__TRY IT__: Out of the listing below, copy every line that carries the string "none".

__RECORDS PROVIDED__:
--- --- ---

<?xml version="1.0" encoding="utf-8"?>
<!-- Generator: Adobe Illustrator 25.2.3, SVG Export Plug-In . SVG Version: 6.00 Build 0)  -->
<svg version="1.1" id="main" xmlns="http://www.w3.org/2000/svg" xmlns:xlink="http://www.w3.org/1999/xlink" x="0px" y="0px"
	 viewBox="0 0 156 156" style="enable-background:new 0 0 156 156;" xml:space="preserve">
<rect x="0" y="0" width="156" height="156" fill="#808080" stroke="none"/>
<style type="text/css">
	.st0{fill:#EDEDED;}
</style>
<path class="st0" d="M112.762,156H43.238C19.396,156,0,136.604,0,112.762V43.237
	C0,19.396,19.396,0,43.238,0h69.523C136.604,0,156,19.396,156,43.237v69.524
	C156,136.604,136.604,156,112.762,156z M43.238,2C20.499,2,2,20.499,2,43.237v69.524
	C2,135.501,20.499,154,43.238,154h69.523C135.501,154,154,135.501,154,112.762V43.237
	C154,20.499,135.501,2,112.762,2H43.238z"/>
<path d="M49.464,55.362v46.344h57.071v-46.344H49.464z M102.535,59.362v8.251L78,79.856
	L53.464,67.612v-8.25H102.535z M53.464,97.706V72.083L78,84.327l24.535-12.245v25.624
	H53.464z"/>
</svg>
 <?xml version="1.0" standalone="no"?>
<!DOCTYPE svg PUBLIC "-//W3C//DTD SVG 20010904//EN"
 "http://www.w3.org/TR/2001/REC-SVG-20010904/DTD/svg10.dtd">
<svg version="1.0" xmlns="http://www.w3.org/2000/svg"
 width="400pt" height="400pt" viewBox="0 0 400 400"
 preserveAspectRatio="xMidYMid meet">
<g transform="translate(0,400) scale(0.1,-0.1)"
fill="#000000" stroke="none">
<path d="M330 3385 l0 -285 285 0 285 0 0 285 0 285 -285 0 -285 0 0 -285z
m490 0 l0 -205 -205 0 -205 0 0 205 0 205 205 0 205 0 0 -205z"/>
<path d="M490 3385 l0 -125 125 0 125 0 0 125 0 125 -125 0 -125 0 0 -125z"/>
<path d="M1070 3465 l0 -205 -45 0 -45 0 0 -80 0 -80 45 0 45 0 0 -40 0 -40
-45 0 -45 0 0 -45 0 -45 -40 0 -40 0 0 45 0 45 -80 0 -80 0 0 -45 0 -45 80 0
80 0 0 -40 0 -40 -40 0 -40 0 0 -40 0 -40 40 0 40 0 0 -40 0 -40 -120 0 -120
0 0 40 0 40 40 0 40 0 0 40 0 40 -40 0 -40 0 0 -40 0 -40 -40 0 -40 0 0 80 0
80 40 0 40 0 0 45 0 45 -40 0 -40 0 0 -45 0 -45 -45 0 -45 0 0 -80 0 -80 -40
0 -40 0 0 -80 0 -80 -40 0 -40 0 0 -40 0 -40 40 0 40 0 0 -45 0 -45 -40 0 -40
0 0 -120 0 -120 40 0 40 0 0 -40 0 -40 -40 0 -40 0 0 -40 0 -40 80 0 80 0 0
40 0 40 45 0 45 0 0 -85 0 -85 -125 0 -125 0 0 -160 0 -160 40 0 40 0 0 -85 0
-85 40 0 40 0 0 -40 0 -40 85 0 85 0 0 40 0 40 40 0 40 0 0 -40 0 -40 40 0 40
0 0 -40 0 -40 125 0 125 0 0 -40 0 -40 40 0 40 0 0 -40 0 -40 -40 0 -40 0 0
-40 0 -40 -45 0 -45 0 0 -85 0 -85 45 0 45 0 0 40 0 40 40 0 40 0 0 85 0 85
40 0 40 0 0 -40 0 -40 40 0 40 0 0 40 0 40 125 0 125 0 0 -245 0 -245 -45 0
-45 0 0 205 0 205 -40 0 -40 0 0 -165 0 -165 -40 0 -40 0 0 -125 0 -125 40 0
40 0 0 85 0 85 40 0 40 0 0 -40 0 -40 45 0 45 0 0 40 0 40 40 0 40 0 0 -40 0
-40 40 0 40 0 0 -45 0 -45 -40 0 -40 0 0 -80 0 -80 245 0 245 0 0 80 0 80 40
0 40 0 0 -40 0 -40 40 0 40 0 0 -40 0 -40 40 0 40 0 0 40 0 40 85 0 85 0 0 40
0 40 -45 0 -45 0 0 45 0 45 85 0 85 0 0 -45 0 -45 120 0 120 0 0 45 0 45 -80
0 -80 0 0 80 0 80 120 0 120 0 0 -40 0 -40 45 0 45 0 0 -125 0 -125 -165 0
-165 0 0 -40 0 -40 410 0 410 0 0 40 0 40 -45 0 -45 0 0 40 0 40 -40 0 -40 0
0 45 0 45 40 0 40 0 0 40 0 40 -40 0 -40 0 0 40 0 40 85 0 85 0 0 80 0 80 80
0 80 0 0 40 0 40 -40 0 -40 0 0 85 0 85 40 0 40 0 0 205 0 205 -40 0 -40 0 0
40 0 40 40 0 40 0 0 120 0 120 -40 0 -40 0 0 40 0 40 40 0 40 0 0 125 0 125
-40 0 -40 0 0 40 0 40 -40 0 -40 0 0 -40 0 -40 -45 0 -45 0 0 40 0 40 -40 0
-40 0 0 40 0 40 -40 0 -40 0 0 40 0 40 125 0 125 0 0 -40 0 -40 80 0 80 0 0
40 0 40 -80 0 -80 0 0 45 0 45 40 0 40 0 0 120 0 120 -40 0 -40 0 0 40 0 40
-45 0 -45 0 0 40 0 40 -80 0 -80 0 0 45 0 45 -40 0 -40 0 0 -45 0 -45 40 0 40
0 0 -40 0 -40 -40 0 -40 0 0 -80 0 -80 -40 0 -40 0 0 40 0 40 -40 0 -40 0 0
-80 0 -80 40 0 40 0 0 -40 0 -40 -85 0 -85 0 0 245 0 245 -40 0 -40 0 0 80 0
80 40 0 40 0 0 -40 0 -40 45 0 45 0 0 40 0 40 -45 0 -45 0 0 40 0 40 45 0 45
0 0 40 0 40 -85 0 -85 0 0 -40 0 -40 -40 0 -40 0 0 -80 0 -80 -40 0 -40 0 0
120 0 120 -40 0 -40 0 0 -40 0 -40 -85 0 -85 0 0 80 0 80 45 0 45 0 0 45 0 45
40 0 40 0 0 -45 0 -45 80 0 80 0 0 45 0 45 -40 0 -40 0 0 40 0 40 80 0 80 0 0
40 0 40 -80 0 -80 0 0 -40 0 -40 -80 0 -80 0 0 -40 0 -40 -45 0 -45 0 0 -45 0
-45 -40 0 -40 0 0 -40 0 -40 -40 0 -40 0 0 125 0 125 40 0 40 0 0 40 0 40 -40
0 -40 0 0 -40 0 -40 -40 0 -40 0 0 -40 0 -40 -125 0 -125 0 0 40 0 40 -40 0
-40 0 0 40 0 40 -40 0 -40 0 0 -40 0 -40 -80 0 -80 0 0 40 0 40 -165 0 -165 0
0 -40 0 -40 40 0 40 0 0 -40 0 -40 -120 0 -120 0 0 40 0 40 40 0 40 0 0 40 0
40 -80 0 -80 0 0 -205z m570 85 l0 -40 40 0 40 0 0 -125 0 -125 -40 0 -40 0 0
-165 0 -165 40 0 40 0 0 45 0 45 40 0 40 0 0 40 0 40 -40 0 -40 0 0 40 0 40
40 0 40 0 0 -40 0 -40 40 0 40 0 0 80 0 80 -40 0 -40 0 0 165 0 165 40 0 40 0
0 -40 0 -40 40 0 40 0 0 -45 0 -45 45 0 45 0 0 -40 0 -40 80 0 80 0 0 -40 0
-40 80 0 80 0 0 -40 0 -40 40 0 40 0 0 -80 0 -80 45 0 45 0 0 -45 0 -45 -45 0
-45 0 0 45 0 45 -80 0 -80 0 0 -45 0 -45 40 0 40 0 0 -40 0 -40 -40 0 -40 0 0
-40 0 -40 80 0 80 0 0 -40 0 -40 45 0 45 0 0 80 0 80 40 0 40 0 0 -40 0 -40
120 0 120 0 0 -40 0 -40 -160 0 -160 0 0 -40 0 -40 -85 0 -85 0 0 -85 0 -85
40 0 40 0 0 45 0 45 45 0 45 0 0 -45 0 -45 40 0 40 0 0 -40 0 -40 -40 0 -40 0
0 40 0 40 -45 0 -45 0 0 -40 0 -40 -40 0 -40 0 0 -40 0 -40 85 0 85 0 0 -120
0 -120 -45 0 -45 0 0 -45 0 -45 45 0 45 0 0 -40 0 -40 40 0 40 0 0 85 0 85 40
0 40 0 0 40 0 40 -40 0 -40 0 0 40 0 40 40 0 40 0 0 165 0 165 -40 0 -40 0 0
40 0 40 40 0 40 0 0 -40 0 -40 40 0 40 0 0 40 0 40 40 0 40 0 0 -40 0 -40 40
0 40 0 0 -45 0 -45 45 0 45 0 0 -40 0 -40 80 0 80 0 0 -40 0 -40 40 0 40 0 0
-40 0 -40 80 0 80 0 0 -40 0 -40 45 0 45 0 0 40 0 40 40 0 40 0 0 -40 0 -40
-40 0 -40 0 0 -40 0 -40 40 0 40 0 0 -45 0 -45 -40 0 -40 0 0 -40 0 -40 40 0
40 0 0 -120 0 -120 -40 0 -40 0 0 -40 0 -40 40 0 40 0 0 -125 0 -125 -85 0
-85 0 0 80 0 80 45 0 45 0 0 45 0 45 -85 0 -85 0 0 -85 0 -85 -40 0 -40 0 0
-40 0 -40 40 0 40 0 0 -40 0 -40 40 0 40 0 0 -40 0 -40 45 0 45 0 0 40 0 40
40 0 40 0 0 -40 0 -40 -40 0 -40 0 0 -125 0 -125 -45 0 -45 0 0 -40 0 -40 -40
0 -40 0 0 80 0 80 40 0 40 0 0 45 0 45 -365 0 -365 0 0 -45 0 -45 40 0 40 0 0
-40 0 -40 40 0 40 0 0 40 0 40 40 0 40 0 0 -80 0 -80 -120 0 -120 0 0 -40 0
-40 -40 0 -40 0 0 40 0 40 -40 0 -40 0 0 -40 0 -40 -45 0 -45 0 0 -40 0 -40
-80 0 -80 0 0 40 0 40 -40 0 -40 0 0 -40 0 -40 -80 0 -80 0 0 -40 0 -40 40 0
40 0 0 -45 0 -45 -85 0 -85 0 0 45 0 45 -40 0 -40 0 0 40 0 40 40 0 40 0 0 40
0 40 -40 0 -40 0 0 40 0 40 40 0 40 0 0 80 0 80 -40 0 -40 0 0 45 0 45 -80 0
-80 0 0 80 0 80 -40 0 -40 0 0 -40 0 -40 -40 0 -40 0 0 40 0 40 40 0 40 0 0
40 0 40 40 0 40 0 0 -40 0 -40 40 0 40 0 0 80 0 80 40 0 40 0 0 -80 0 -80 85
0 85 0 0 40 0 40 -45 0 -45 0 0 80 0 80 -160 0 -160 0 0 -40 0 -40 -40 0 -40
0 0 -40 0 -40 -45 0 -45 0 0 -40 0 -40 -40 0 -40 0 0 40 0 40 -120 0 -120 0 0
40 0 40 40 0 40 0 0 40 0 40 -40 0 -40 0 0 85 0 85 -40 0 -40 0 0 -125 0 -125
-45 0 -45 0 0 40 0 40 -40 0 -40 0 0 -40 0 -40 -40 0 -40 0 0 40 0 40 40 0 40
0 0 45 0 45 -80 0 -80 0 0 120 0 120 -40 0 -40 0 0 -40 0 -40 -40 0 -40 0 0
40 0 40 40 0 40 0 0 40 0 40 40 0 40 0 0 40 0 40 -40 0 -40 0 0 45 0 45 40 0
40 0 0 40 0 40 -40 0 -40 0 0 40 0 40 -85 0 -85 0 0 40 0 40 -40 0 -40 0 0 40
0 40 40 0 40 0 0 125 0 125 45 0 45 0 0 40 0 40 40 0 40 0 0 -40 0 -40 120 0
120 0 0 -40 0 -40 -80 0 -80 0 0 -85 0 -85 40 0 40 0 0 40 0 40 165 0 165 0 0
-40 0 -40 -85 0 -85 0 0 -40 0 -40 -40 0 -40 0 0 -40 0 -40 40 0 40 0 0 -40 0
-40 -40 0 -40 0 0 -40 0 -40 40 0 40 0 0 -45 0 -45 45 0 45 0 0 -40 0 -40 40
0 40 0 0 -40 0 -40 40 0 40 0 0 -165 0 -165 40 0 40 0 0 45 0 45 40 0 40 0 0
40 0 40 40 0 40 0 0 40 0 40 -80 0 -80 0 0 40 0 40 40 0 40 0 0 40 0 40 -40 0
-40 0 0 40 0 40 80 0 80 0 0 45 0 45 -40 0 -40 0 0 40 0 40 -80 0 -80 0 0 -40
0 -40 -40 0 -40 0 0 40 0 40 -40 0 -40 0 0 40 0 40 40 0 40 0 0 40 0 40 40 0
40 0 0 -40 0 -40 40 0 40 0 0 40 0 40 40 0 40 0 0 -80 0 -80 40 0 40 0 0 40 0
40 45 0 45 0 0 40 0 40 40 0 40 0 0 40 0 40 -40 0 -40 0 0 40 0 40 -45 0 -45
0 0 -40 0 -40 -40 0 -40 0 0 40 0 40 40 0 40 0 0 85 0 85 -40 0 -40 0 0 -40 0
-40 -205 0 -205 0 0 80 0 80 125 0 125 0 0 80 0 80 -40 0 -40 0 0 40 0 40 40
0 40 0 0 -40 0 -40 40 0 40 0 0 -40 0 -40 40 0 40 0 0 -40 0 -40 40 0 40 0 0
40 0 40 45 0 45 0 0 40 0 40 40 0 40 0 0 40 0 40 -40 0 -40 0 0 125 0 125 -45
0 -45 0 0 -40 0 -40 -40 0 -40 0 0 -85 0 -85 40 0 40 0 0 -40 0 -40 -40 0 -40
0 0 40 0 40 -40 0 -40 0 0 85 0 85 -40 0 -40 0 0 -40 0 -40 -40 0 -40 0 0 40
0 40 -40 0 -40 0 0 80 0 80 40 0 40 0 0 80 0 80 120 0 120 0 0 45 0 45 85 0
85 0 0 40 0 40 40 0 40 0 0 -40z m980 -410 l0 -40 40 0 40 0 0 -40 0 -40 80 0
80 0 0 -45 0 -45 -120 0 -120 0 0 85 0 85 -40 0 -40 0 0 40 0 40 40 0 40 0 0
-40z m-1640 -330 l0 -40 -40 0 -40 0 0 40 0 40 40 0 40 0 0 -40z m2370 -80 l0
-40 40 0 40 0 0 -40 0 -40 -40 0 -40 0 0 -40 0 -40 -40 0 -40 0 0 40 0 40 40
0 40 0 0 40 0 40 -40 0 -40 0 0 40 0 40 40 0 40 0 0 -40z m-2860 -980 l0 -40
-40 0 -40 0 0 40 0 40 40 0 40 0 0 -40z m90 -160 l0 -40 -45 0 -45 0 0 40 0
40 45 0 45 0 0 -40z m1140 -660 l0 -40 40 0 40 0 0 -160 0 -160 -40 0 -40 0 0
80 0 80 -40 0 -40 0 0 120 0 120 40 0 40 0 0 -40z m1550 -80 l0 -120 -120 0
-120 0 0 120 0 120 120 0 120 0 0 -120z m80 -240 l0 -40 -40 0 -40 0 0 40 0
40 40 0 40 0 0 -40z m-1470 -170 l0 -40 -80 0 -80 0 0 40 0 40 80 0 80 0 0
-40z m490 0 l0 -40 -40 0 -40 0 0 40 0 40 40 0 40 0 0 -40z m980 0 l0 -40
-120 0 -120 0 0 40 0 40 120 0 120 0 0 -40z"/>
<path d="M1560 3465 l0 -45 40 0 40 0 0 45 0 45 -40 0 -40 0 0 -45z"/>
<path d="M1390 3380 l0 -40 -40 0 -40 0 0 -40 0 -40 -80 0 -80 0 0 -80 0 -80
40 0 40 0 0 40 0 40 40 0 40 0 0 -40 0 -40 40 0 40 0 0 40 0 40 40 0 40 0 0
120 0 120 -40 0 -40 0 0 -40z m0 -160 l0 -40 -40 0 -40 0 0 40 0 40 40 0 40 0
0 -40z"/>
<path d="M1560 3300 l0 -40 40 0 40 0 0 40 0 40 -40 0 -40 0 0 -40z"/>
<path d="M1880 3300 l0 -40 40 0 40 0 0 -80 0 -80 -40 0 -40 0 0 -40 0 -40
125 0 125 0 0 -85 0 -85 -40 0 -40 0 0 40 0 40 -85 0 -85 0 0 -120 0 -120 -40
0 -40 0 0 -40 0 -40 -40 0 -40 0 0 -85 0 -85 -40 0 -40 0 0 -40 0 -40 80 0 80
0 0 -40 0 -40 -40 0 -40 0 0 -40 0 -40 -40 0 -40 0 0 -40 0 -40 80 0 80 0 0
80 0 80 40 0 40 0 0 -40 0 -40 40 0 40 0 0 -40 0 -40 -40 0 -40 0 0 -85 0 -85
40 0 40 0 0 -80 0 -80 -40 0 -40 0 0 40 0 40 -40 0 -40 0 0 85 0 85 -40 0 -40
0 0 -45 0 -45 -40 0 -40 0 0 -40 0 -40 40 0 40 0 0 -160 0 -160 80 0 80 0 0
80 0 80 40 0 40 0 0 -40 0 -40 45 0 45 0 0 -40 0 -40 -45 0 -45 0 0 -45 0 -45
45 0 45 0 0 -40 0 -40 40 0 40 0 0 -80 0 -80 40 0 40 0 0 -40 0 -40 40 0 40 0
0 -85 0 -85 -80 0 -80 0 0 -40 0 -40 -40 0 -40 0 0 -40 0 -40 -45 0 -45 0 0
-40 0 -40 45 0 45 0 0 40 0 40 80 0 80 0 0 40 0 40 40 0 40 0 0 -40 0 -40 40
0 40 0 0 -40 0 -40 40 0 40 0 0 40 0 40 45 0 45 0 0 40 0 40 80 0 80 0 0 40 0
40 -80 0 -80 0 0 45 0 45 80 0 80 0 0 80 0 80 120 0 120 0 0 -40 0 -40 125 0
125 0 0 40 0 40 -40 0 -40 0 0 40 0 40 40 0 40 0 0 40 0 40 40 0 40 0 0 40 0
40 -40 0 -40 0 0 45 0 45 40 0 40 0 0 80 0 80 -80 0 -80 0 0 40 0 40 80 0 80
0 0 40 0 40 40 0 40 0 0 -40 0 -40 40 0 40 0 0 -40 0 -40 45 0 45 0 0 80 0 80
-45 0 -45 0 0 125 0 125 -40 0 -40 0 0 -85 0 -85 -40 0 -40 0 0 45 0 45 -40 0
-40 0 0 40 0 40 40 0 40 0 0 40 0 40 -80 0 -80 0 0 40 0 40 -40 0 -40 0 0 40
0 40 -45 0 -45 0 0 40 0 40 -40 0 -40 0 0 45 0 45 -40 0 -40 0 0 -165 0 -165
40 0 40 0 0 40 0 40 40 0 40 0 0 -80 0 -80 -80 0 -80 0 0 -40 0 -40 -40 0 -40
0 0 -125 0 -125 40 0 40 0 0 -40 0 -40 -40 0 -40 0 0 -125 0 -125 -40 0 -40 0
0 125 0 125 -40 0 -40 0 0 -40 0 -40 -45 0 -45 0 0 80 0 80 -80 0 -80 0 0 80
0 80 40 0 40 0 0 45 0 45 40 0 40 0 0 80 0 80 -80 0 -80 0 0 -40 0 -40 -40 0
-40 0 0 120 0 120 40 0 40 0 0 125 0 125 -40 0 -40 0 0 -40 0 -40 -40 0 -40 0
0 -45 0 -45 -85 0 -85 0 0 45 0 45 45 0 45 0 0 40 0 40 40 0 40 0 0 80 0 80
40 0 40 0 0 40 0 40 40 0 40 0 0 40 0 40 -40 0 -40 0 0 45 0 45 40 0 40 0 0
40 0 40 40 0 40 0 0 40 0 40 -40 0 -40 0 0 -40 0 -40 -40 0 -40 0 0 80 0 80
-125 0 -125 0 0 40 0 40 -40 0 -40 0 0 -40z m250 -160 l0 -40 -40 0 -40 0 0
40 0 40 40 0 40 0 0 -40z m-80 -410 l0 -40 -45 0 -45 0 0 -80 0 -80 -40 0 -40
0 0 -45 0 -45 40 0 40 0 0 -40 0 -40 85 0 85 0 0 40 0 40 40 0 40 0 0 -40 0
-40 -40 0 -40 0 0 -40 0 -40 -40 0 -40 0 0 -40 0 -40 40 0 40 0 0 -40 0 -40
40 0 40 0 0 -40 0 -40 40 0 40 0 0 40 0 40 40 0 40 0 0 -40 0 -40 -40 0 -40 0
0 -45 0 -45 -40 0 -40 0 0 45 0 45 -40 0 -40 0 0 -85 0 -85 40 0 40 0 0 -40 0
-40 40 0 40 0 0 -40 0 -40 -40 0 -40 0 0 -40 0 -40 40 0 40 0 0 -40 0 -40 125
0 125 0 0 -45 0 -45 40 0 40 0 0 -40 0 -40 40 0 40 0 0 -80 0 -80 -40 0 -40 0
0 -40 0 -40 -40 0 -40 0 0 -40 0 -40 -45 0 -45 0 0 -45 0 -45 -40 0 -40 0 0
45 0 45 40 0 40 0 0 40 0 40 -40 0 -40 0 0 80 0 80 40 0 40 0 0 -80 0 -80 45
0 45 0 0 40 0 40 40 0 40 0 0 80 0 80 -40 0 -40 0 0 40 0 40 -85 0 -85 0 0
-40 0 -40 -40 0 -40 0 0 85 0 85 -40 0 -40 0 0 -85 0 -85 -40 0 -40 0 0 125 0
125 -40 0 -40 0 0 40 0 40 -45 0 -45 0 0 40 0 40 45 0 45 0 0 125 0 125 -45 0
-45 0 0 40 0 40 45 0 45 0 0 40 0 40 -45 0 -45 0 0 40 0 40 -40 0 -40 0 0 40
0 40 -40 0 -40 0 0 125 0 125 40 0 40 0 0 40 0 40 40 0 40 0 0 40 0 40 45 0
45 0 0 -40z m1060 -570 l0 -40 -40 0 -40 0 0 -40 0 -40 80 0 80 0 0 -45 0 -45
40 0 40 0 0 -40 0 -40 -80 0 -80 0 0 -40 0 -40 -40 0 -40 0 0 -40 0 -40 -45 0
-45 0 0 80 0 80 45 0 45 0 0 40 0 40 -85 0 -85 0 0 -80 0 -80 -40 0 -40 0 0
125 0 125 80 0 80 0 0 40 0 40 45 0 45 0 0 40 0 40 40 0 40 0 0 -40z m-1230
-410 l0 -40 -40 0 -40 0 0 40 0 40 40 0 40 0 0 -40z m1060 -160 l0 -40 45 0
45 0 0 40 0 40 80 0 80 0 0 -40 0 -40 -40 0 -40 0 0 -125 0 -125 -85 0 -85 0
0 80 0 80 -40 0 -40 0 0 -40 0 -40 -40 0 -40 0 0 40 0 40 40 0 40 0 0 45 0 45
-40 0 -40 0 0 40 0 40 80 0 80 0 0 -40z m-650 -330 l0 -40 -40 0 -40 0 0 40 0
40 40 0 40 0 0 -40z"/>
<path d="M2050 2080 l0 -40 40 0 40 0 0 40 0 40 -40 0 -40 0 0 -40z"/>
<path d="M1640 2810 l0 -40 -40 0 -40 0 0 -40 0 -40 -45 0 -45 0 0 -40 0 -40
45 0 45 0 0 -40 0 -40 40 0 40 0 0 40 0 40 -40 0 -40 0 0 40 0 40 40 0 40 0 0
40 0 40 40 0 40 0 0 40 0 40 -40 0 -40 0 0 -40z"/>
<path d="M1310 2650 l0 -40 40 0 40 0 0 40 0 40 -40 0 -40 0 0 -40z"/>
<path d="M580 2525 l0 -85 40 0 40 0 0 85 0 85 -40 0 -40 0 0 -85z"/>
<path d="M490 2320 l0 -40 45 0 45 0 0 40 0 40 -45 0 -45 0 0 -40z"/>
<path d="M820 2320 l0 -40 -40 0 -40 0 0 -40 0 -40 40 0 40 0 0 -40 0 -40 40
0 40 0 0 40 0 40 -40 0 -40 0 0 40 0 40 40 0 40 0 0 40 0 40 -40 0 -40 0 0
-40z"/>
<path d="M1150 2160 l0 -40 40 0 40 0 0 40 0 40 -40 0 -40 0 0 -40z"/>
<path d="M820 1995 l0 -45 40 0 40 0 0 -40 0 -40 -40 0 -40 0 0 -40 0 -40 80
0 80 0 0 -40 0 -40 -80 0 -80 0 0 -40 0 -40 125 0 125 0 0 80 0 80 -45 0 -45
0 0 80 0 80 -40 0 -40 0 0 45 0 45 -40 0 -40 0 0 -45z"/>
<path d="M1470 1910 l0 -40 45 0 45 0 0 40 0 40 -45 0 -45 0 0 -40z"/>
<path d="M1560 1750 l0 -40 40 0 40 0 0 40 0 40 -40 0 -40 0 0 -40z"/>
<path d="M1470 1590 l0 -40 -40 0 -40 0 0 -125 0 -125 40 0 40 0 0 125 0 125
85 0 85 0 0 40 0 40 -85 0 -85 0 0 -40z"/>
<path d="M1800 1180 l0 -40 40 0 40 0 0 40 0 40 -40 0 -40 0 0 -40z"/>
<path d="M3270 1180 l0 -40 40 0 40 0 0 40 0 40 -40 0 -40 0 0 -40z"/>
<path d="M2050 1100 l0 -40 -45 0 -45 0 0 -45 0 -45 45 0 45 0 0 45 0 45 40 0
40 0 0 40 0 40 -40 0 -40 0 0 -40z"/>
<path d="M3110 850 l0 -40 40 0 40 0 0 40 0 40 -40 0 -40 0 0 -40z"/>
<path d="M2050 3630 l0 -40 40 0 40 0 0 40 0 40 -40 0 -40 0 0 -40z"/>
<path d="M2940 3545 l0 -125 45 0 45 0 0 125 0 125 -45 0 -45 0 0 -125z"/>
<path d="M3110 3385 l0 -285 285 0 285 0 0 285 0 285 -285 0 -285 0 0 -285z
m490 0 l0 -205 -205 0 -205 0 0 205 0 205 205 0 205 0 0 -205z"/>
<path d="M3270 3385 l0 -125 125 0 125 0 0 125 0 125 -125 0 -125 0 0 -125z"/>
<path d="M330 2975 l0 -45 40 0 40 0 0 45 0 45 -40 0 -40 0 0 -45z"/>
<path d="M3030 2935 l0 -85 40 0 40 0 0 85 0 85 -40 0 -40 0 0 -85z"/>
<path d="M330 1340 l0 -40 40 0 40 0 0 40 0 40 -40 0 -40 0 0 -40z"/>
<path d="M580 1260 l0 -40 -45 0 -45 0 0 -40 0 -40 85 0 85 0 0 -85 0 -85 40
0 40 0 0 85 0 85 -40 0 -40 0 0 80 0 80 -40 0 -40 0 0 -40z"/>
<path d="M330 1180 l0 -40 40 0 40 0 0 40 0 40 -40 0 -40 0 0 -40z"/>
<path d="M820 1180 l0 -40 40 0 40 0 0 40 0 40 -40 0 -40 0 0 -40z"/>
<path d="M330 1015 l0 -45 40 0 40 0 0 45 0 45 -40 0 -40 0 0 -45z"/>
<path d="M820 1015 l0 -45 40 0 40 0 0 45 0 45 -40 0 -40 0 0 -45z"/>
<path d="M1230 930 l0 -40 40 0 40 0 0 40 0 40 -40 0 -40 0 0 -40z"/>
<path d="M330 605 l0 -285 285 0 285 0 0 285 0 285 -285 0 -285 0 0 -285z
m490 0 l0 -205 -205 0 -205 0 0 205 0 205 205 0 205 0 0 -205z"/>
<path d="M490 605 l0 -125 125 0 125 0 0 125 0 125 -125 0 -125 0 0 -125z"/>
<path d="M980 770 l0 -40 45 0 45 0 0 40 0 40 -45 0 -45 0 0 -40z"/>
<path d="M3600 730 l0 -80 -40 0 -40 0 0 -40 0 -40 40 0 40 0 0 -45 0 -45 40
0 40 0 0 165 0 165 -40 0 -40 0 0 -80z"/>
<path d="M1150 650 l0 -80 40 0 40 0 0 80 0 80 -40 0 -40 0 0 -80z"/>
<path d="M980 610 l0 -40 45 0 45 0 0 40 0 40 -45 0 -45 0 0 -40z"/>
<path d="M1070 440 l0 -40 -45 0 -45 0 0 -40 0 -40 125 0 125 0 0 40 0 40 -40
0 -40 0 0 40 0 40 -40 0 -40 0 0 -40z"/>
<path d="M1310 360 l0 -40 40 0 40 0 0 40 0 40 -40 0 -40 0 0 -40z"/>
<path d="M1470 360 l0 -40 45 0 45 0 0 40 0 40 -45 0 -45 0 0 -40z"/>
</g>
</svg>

--- --- ---

__EXERCISE ANSWER__:
<rect x="0" y="0" width="156" height="156" fill="#808080" stroke="none"/>
fill="#000000" stroke="none">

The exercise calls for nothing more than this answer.